» **Task goal**
When you answer, give every record back exactly as written.

» **Data extract**
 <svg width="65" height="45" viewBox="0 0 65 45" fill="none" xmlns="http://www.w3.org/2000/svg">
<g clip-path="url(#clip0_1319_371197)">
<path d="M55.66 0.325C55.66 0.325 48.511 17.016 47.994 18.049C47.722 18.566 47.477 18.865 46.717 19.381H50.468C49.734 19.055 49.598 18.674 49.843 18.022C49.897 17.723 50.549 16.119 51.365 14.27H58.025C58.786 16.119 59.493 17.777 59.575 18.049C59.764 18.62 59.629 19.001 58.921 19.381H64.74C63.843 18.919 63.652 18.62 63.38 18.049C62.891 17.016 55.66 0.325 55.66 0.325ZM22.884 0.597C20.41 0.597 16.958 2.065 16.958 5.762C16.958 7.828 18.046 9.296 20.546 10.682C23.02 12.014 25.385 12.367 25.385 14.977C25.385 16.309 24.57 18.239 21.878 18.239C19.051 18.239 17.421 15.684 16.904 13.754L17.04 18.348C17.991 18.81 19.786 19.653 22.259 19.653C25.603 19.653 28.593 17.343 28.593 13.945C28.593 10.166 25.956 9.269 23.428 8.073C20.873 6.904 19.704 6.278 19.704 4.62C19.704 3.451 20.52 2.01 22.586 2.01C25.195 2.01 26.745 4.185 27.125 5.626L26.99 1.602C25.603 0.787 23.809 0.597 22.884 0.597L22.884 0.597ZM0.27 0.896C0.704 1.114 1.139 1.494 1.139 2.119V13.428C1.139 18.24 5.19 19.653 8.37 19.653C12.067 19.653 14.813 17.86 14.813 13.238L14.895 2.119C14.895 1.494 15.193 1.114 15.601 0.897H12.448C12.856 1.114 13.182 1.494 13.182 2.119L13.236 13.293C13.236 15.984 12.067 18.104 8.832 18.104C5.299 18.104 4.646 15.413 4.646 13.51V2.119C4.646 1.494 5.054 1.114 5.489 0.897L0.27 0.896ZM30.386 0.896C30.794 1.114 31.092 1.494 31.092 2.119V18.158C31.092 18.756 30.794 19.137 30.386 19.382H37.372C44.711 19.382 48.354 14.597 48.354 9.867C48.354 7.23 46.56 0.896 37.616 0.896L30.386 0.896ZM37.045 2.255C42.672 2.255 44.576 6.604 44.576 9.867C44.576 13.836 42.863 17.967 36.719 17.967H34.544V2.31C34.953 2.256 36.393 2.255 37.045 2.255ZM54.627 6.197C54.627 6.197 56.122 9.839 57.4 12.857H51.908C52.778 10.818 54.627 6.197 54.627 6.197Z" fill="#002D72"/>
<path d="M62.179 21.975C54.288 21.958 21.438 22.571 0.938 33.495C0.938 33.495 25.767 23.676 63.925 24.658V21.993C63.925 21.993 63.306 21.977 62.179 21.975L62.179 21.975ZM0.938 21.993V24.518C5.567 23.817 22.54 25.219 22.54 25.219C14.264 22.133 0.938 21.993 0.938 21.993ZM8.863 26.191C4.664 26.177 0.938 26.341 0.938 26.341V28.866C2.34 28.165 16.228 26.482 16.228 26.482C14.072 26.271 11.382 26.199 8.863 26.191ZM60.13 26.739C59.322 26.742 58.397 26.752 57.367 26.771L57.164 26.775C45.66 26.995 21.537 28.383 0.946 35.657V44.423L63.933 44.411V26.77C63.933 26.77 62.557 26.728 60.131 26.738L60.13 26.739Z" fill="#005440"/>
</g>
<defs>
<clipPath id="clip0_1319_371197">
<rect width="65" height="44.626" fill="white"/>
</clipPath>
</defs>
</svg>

» **Task response**
 <svg width="65" height="45" viewBox="0 0 65 45" fill="none" xmlns="http://www.w3.org/2000/svg">
<g clip-path="url(#clip0_1319_371197)">
<path d="M55.66 0.325C55.66 0.325 48.511 17.016 47.994 18.049C47.722 18.566 47.477 18.865 46.717 19.381H50.468C49.734 19.055 49.598 18.674 49.843 18.022C49.897 17.723 50.549 16.119 51.365 14.27H58.025C58.786 16.119 59.493 17.777 59.575 18.049C59.764 18.62 59.629 19.001 58.921 19.381H64.74C63.843 18.919 63.652 18.62 63.38 18.049C62.891 17.016 55.66 0.325 55.66 0.325ZM22.884 0.597C20.41 0.597 16.958 2.065 16.958 5.762C16.958 7.828 18.046 9.296 20.546 10.682C23.02 12.014 25.385 12.367 25.385 14.977C25.385 16.309 24.57 18.239 21.878 18.239C19.051 18.239 17.421 15.684 16.904 13.754L17.04 18.348C17.991 18.81 19.786 19.653 22.259 19.653C25.603 19.653 28.593 17.343 28.593 13.945C28.593 10.166 25.956 9.269 23.428 8.073C20.873 6.904 19.704 6.278 19.704 4.62C19.704 3.451 20.52 2.01 22.586 2.01C25.195 2.01 26.745 4.185 27.125 5.626L26.99 1.602C25.603 0.787 23.809 0.597 22.884 0.597L22.884 0.597ZM0.27 0.896C0.704 1.114 1.139 1.494 1.139 2.119V13.428C1.139 18.24 5.19 19.653 8.37 19.653C12.067 19.653 14.813 17.86 14.813 13.238L14.895 2.119C14.895 1.494 15.193 1.114 15.601 0.897H12.448C12.856 1.114 13.182 1.494 13.182 2.119L13.236 13.293C13.236 15.984 12.067 18.104 8.832 18.104C5.299 18.104 4.646 15.413 4.646 13.51V2.119C4.646 1.494 5.054 1.114 5.489 0.897L0.27 0.896ZM30.386 0.896C30.794 1.114 31.092 1.494 31.092 2.119V18.158C31.092 18.756 30.794 19.137 30.386 19.382H37.372C44.711 19.382 48.354 14.597 48.354 9.867C48.354 7.23 46.56 0.896 37.616 0.896L30.386 0.896ZM37.045 2.255C42.672 2.255 44.576 6.604 44.576 9.867C44.576 13.836 42.863 17.967 36.719 17.967H34.544V2.31C34.953 2.256 36.393 2.255 37.045 2.255ZM54.627 6.197C54.627 6.197 56.122 9.839 57.4 12.857H51.908C52.778 10.818 54.627 6.197 54.627 6.197Z" fill="#002D72"/>
<path d="M62.179 21.975C54.288 21.958 21.438 22.571 0.938 33.495C0.938 33.495 25.767 23.676 63.925 24.658V21.993C63.925 21.993 63.306 21.977 62.179 21.975L62.179 21.975ZM0.938 21.993V24.518C5.567 23.817 22.54 25.219 22.54 25.219C14.264 22.133 0.938 21.993 0.938 21.993ZM8.863 26.191C4.664 26.177 0.938 26.341 0.938 26.341V28.866C2.34 28.165 16.228 26.482 16.228 26.482C14.072 26.271 11.382 26.199 8.863 26.191ZM60.13 26.739C59.322 26.742 58.397 26.752 57.367 26.771L57.164 26.775C45.66 26.995 21.537 28.383 0.946 35.657V44.423L63.933 44.411V26.77C63.933 26.77 62.557 26.728 60.131 26.738L60.13 26.739Z" fill="#005440"/>
</g>
<defs>
<clipPath id="clip0_1319_371197">
<rect width="65" height="44.626" fill="white"/>
</clipPath>
</defs>
</svg>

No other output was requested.